Kahya lui attrapa soudainement le bras, l’empêchant de poursuivre. La pierre chuta à leurs pieds et Arch tourna la tête avec surprise vers son amie. Les yeux rougis de la jeune fille se couvraient d’un voile humide. Un trait brillant se dessina sur sa joue. Elle n’avait jamais pris la véritable mesure de ce qu’il ressentait jusqu’à aujourd’hui. Perdant ses moyens, il réalisa qu’il avait pensé à voix haute et chercha à se justifier sans qu’aucun mot ne passe la barrière de ses lèvres. Il n’avait pas voulu lui dire tout cela, et encore moins que cela l’affecte ainsi. Kahya sembla elle aussi se rendre compte qu’elle avait agi par réflexe. Mais avant que le silence ne s’étende, elle prit une longue inspiration, de celles forgées dans les résolutions les plus sincères. Elle reprit confiance, comme si le pouvoir de tout balayer venait de lui être accordé.

— Tu n’es plus seul aujourd’hui. Nous sommes là, Criss et moi. Laisse ces gamins dire ce qu’ils veulent de nous, tout ça n’a pas d’importance. Je sais à quel point tu veux devenir meilleur, que ton souhait le plus cher est de changer tout ça.

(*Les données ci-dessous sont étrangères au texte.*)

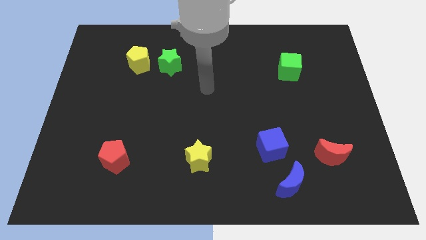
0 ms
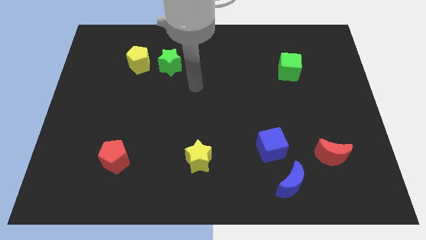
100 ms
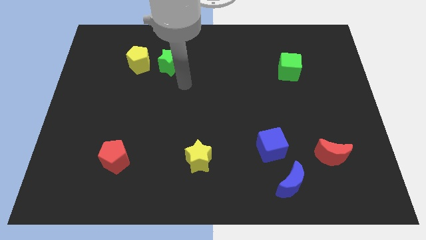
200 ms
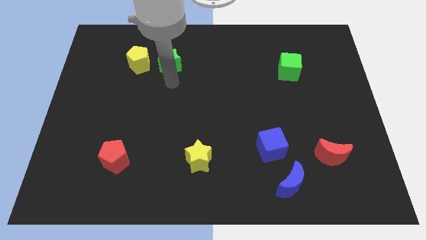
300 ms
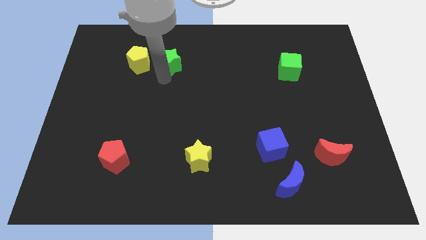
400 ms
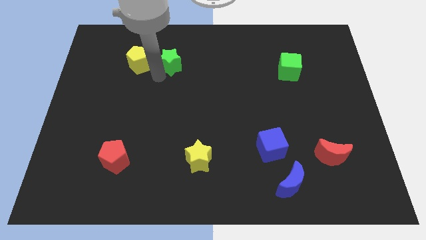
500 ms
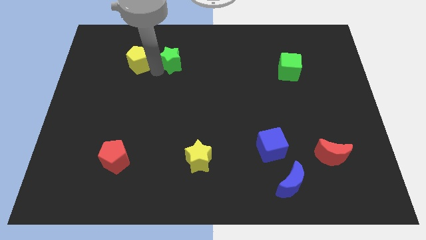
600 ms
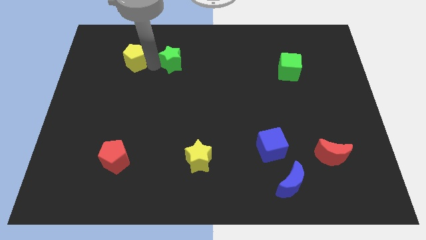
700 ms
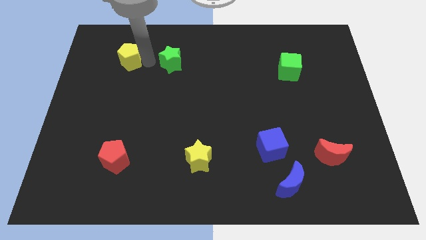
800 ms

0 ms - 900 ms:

C’est ce qui importe, et l’unique chose dont tu ne dois jamais t’écarter.

Arch fut surpris par sa détermination et y pensa un instant. Il voulait y croire. Il voulait tellement y croire et lui faire confiance, mais tout était contre eux au village. Tout avait toujours été contre eux. Il voulait partir, quitter ce maudit endroit mais n’en avait nullement les moyens.

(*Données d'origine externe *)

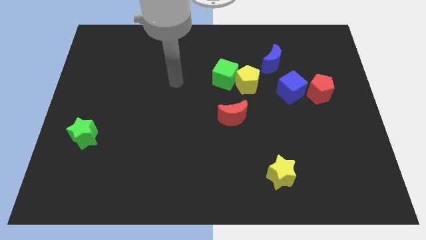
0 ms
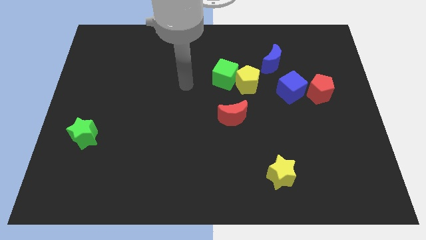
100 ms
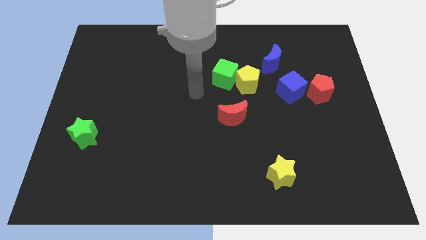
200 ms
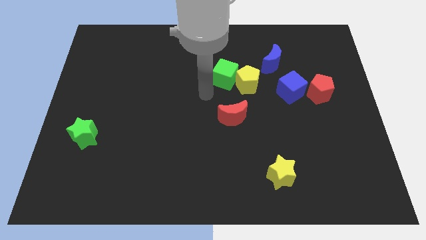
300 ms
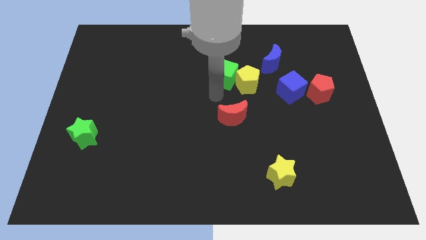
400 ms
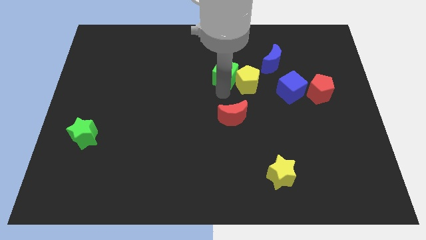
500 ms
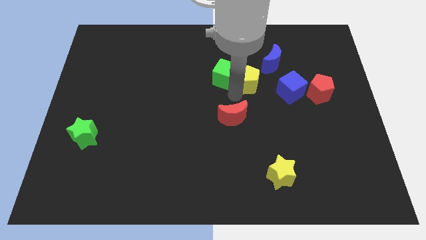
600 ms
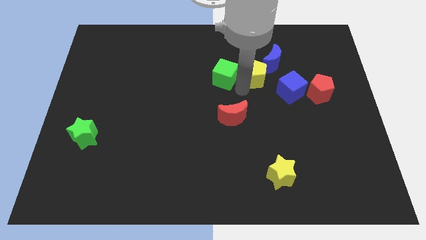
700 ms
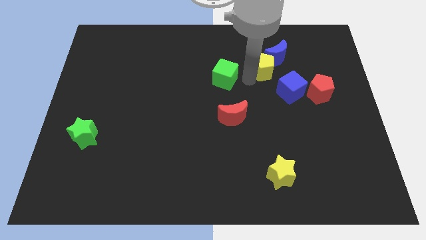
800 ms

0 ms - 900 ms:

— J’ai essayé Kahya, dit-il d’une voix chancelante. J’ai vraiment essayé.

Kahya ne put trouver les mots immédiatement tant l’expression du jeune mage était sincère. Mais elle appuya un sourire tout en l’enlaçant tendrement.

— Faisons en sorte de changer ça ensemble. Tu réaliseras ton rêve, Arch. J’en suis persuadée…

Les pensées du jeune mage semblèrent s’envoler avec la brise. Même s’il doutait certainement que les choses changent du jour au lendemain, une chose, elle, était certaine. Dieux, comme il aimait ce sourire.